In Fiction, We’ve Wrongly Decided That if a Character is Not Familiar, They are Unbelievable.

This causes us to then read with closed minds, less wonder, and less potential for learning.

image by Brooke Meredith

I’ve heard the phrase time and time again, “the main character wasn’t at all like me. I just couldn't identify with them. ” That this is a significant reason for why they didn’t find value in the book.

This, along with much skepticism if a character does not match one person’s (meaning, the reader) experience from that particular group.

As an example, a book might be written from the point of view of a woman who got divorced or decided to have an abortion. Many other women who have either gotten divorced or had an abortion will identify with and find a sense of emotional solace and support within this book. Then, there will be other women who’ve gotten divorced or had an abortion who will disagree and think, that wasn’t my experience at all. This writer is wrong. They have no clue. They might even find offense within the book.

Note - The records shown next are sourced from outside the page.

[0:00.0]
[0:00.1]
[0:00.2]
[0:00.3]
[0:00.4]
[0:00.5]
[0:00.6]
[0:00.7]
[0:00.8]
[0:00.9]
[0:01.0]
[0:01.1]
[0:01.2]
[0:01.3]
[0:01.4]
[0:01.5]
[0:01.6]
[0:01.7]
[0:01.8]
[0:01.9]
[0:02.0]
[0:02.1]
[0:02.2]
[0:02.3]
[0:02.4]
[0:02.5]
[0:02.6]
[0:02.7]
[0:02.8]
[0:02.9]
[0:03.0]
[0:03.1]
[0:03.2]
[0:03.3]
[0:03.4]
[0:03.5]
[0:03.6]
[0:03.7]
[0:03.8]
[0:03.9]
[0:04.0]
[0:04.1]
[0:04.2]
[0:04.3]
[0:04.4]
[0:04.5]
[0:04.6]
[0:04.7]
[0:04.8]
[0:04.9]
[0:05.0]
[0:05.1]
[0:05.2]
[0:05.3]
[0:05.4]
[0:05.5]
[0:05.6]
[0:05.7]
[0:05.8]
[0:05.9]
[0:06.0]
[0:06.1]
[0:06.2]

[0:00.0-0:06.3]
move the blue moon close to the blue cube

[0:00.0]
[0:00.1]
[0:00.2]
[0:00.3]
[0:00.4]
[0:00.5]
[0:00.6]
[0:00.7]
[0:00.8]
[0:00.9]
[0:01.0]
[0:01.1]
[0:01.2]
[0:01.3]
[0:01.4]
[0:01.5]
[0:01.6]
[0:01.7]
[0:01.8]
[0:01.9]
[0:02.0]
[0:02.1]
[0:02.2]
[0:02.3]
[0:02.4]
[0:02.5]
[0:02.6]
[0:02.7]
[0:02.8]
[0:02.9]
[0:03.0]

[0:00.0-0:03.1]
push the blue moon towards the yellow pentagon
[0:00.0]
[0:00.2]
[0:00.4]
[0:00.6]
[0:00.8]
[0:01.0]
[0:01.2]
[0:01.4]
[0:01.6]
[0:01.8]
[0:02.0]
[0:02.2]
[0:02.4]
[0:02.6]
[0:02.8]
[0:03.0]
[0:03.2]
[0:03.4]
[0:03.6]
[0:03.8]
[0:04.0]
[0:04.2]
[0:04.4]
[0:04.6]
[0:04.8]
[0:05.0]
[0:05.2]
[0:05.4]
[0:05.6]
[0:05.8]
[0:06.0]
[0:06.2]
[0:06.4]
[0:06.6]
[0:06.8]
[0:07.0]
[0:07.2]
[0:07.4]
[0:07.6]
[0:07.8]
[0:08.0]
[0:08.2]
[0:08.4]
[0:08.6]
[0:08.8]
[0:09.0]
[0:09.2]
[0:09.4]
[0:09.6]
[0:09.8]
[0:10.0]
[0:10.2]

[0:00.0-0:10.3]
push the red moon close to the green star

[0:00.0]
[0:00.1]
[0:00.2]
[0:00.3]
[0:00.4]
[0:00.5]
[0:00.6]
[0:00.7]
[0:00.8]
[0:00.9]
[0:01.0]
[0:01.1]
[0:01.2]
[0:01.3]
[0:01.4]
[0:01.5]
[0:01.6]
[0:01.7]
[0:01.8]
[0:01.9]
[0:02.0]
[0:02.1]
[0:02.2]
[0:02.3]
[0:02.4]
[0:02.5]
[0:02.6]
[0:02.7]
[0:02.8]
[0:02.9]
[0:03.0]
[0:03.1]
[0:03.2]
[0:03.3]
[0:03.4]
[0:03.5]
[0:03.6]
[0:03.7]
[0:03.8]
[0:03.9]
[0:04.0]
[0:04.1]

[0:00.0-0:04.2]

Another book might be written about a man who experienced being bullied, or a man who is transitioning. There will be men who will identify with the perspective and experience the writer offers on the male character who was either bullied or is transitioning. And there will be others who have been bullied themselves or are currently transitioning who will not find their experience within.

Do you see what I am getting at?

No one character is going to speak to each person who has shared a similar experience.

This is because every human being alive experiences things differently. And while we might each have shared similarities in our experiences, there will be even more variances and differences.

Thus, this does not then automatically make the character experience and perspective in the book wrong, inaccurate, immoral, or flawed. Simply because it differs from our own experience or expectations and thoughts on such a perspective.

Only searching for oneself in books also misses the point of reading.

We should also be reading to learn. To be put into the perspective of someone unlike and other than ourselves. Someone who has traveled a novel and varied road from the one which we ourselves have walked.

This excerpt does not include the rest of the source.